As I wrote back in 2016, I love Anne Lamott’s take on trust and surrender. “These two things are almost all I want,” she wrote in Help, Thanks, Wow: The Three Essential Prayers, “but unfortunately, neither one is my strong suit. I am very strong on blame, and wish this were one of God’s values, but trust, surrender? Letting go, forgiveness? Maybe just after a period of prayer, but then when the mood passes and real life rears its ugly head again? Not so much. I hate this, the fact that life is usually Chutes and Ladders, with no guaranteed gains.”
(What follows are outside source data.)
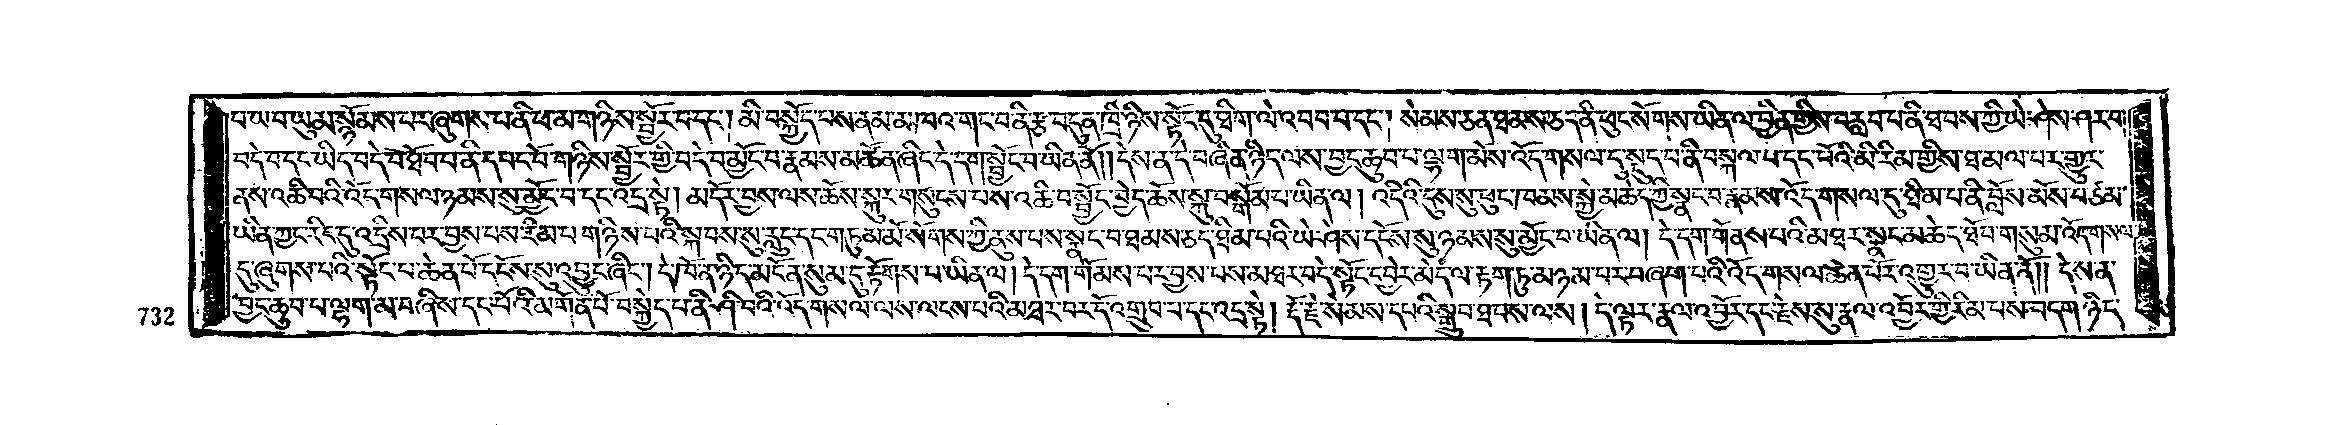པ་ཡབ་ཡུམ་སྙོམས་པར་ཞུགས་པ་ནི་ཕ་མ་གཉིས་སྦྱོར་བ་དང་། མི་བསྐྱོད་པས་ནམ་མཁའ་གང་བ་ནི་རྩ་བདུན་ཁྲི་ཉིས་སྟོང་དུ་ཐིག་ལེ་འབབ་པ་དང་། སེམས་ཅན་ཐམས་ཅད་ནི་ཕུང་སོགས་ཡིན་ལ་བྱིན་གྱིས་བརླབ་པ་ནི་ཐབས་ཀྱི་ཡེ་ཤེས་ཤར་བ།
བདེ་བ་དང་ཡིད་བདེ་བ་ཐོབ་པ་ནི་དབང་པོ་གཉིས་སྦྱོར་གྱི་བདེ་བ་མྱོང་བ་རྣམས་མཚོན་ཞིང་དེ་དག་སྦྱོང་བ་ཡིན་ནོ། །དེས་ན་དེ་བཞིན་ཉིད་ལས་བྱང་ཆུབ་པ་ལྷག་མོས་འོད་གསལ་དུ་སྡུད་པ་ནི་བསྐལ་བ་དང་པོའི་མི་རིམ་གྱིས་ཐ་མལ་པར་གྱུར་
ནས་འཆི་བའི་འོད་གསལ་ཉམས་སུ་མྱོང་བ་དང་འདྲ་སྟེ། མདོར་བྱས་ལས་ཆོས་སྐུར་གསུངས་པས་འཆི་བ་སྦྱོང་བྱེད་ཆོས་སྐུ་བསྒོམ་པ་ཡིན་ལ། འདིའི་དུས་སུ་ཕུང་ཁམས་སྐྱེ་མཆེད་ཀྱི་སྣང་བ་རྣམས་འོད་གསལ་དུ་ཐིམ་པ་ནི་བློས་མོས་པ་ཙམ་
ཡིན་ཀྱང་རིང་དུ་འདྲིས་པར་བྱས་པས་རིམ་པ་གཉིས་པའི་སྐབས་སུ་རླུང་དང་གཏུམ་མོ་སོགས་ཀྱི་ནུས་པས་སྣང་བ་ཐམས་ཅད་ཐིམ་པའི་ཡེ་ཤེས་དངོས་སུ་ཉམས་སུ་མྱོང་བ་ཡིན་ལ། དེ་དག་གོམས་པའི་མཐར་སྣང་མཆེད་ཐོབ་གསུམ་འོད་གསལ་
དུ་ཞུགས་པའི་སྟོང་པ་ཆེན་པོ་དངོས་སུ་འབྱུང་ཞིང་། དེ་ཁོ་ན་ཉིད་མངོན་སུམ་དུ་རྟོགས་པ་ཡིན་ལ། དེ་དག་གོམས་པར་བྱས་པས་མཐར་བདེ་སྟོང་དབྱེར་མེད་ལ་རྟག་ཏུ་མཉམ་པར་བཞག་པའི་འོད་གསལ་ཆེན་པོར་འགྱུར་བ་ཡིན་ནོ། །དེས་ན་
བྱང་ཆུབ་པ་ལྷག་མ་བཞིས་དང་པོའི་མགོན་པོ་བསྐྱེད་པ་ནི་ཤི་ལྦའི་འོད་གསལ་ལས་ལངས་པའི་མཐར་བར་དོ་འགྲུབ་པ་དང་འདྲ་སྟེ། རྡོ་རྗེ་སེམས་དཔའི་སྒྲུབ་ཐབས་ལས། དེ་ལྟར་རྣལ་འབྱོར་དང་རྗེས་སུ་རྣལ་འབྱོར་གྱི་རིམ་པས་བདག་ཉིད་
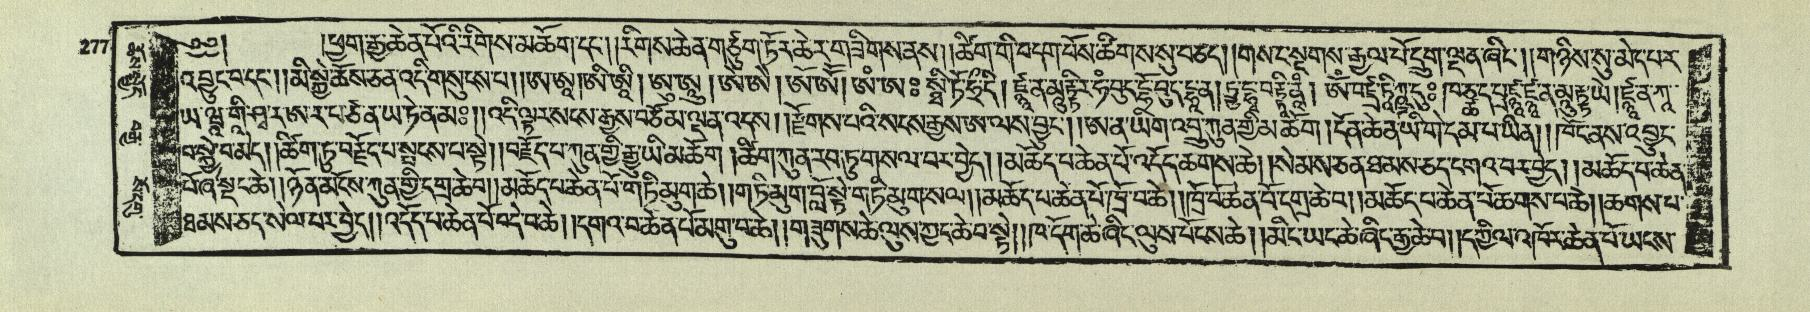༄༅། །ཕྱག་རྒྱ་ཆེན་པོའི་རིགས་མཆོག་དང་། །རིགས་ཆེན་གཙུག་ཏོར་ཆེར་གཟིགས་ནས། །ཚིག་གི་བདག་པོས་ཚིགས་སུ་བཅད། །གསང་སྔགས་རྒྱལ་པོ་དྲུག་ལྡན་ཞིང་། །གཉིས་སུ་མེད་པར་
འབྱུང་བ་དང་། །མི་སྐྱེ་ཆོས་ཅན་འདི་གསུངས་པ། །ཨ་ཨཱ། ཨི་ཨཱི། ཨུ་ཨཱུ། ཨེ་ཨཻ། ཨོ་ཨཽ། ཨཾ་ཨཿསྠི་ཏོ་ཧྲྀ་དི། ཛྙའ་ན་མཱུརྟྟི་ར་ཧཾ་བུད་དྷོ་བུད་དྷཱ་ན། ཏཊཿཨ?་དྷྭ་བརྟྟཱི་ནཱི། ཨོཾ་བཛྲ་ཏཱི་ཀྵྜ་དུཿཁ་ཅཚ་ད་པྲཛྙཱ་ཛྙཱ་ན་མཱུརྟྟ་ཡེ། ཛྙའ་ན་ཀཱ་
ཡ་ཝཱ་གའི་ཤྭ་ར་ཨ་ར་པ་ཙ་ན་ཡ་ཏེ་ན་མཿ། །འདི་ལྟར་སངས་རྒྱས་བཅོམ་ལྡན་འདས། །རྫོགས་པའི་སངས་རྒྱས་ཨ་ལས་བྱུང་། །ཨ་ན་ཡིག་འབྲུ་ཀུན་གྱི་མཆོག །དོན་ཆེན་ཡི་གེ་དམ་པ་ཡིན། །ཁོང་ནས་འབྱུང་
བ་སྐྱེ་བ་མེད། །ཚིག་ཏུ་བརྗོད་པ་སྤངས་པ་སྟེ། །བརྗོད་པ་ཀུན་གྱི་རྒྱུ་ཡི་མཆོག །ཚིག་ཀུན་རབ་ཏུ་གསལ་བར་བྱེད། །མཆོད་པ་ཆེན་པོ་འདོད་ཆགས་ཆེ། །སེམས་ཅན་ཐམས་ཅད་དགའ་བར་བྱེད། །མཆོད་པ་ཆེན་
པོ་ཞེ་སྡང་ཆེ། །ཉོན་མོངས་ཀུན་གྱི་དགྲ་ཆེ་བ། །མཆོད་པ་ཆེན་པོ་གཏི་མུག་ཆེ། །གཏི་མུག་བློ་སྟེ་གཏི་མུག་སལ། །མཆོད་པ་ཆེན་པོ་ཁྲོ་བ་ཆེ། །ཁྲོ་བ་ཆེན་པོ་དགྲ་ཆེ་བ། །མཆོད་པ་ཆེན་པོ་ཆགས་པ་ཆེ། །ཆགས་པ་
ཐམས་ཅད་སེལ་བར་བྱེད། །འདོད་པ་ཆེན་པོ་བདེ་བ་ཆེ། །དགའ་བ་ཆེན་པོ་མགུ་བ་ཆེ། །གཟུགས་ཆེ་ལུས་ཀྱང་ཆེ་བ་སྟེ། །ཁ་དོག་ཆེ་ཞིང་ལུས་པོངས་ཆེ། །མིང་ཡང་ཆེ་ཞིང་རྒྱ་ཆེ་བ། །དཀྱིལ་འཁོར་ཆེན་པོ་ཡངས་

Every time I read, “I am very strong on blame,” I laugh at the sliver in her eye and the log in mine. Do I really want to chute down the rabbit hole of blame instead of climbing the ladder of forgiveness? Apparently, yes.

When I meditate before writing, I pray about trust, surrender, and forgiving trespasses. As Anne Lamott wrote, “I cannot will myself into having these qualities, so I have to pray for them more often… I have to create the habit, just as I had to with daily writing, and flossing.”

I pray for forgiveness even as I learn to forgive. Help. I pray for habitual focus on the key to God’s house. Thanks. I pray for the courage to open that door. Wow. To become a more beautiful person toward others.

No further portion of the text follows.